Han vuelto los viajes al ritmo acompasado de la vida. No entiendo una cosa sin la otra. Arranco este texto en el tren que nos traslada desde el aeropuerto de Zúrich hasta Neuchâtel, ciudad universitaria, nos espera una casa tranquila frente al lago, bajo los cerros (todavía nevados) del Jura. Dejamos Lucerna a nuestra izquierda, Laura ilustra —ellos no lo saben, pero nuestros compañeros de vagón, absortos en sus quehaceres, serán sus modelos a lo largo de estas dos horas. A veces le digo: ¿Por qué no les regalas sus retratos? Nunca lo ha hecho. “Me da vergüenza”. Es una pena —le contesto siempre, cada una de esas personas lo consideraría (estoy seguro) un regalo. Sus libretas son trocitos de vidas ajenas. Nunca imaginamos lo importantes que somos en las vidas de los demás, las surcos que dejamos, las alegrías que quizá radiamos pero también lo otro (el daño). Crecí negando esta certeza: cada cosa que hacemos afecta a quienes nos rodean. Es verdad, tiene razón Donne, ningún hombre es una isla. Infinitos lazos invisibles nos conectan.
Hay un silencio absoluto en nuestro camarote. Me muevo bien en el silencio, el ruido me lleva al ruido, es en la quietud donde puedo ser. Durante el vuelo he continuado con la lectura de Pequeñas cosas bellas de Cheryl Strayed, me está entusiasmando. Alumbra, como deben hacer los buenos libros. Prender la candela. Escribe sin piedad pero también desde un lugar al que me cuesta asomarme, tan pendiente que ando de mí mismo: la misericordia. Subrayo un cachito de una respuesta a Johnny, un hombre muy perdido que no se atreve a decirle a su chica te amo: “Lo que a ti te da miedo no es el amor. Lo que te da miedo es toda la basura que has vinculado al amor. Y te has convencido de que negar una sencilla palabra a la mujer a la que crees amar te protegerá de toda esa basura. Pero no es así. Estamos en deuda con las personas que nos importan y a las que nosotros importamos, tanto si les decimos que las queremos como si no. Nuestra principal obligación es ser sinceros: explicar cómo es nuestro afecto cuando esa explicación puede ser trascendente o clarificadora”. Es verdad; callarse, no expresar, no decir lo que sentimos nítidamente —es negarle al otro la posibilidad de sentir. Negarle la posibilidad (por lo tanto) de ser parte de tu historia, pero lo será igualmente. Nos callamos porque pretendemos ese imposible: vivir ajenos a las consecuencias. No se puede. Crecer, también, es aceptar este vínculo con el mundo. Esa conexión puede ser terrible pero también deslumbrante.

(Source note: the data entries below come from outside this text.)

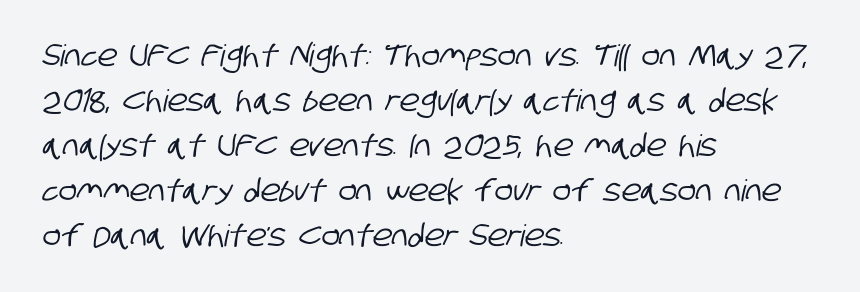
Q: Is the typeface a serif or a sans-serif typeface? A: Sans-serif.
Q: Is the text underlined? A: No.
Q: How is the paragraph aligned? A: Left-aligned.
Q: Is the spacing between letters normal or unusually wide? A: Normal.
Q: Is the spacing between lines tight, normal or loose? A: Normal.
Q: Width (condensed, normal, or wide)? A: Condensed.
Q: Stroke contrast? A: Low.
Q: x-height? A: Large.
Q: Monospaced? A: No.

Llegamos al hotel Palafitte, atardece frente al lago Neuchâtel, a lo largo de la noche tan solo escucharemos el sonido del agua sobre las rocas, los patos desperezándose, me gustan mucho los destinos “de verano” fuera de temporada. El silencio. Me he pasado la vida huyendo porque (¿por qué?) me aterraba exponerme al daño, la lógica no podía ser más tóxica: si vivo ajeno a los demás nadie podrá dañarme. Seré una isla. Aislado del mundo que me rodea —y por lo tanto, también de mi sentir. Nuestra principal obligación es ser sinceros, también con nosotros mismos. Saldar esa deuda sagrada.
Que bonita carta. Una vez note en un viaje en tren como un chico me dibujaba. Me miraba constantemente y dibujaba en su cuaderno. Cuando lo miraba bajaba la cabeza y mientras leía notaba como volvía a mirarme. Me hubiese gustado asomar la cabeza al cuaderno. Y me hubiese gustado todavía más que me regalase esa página en la que dibujaba.
Buenos días, es cierto, nunca imaginamos lo importante que somos en la vida de los demás.
Esta misma reflexión la hice hace no mucho tiempo después de tomar un vino con un hombre que ha sido importante en mi vida y él no es consciente de ello. Y pensé, seré yo importante para alguien y no soy consciente?
Preciosa carta.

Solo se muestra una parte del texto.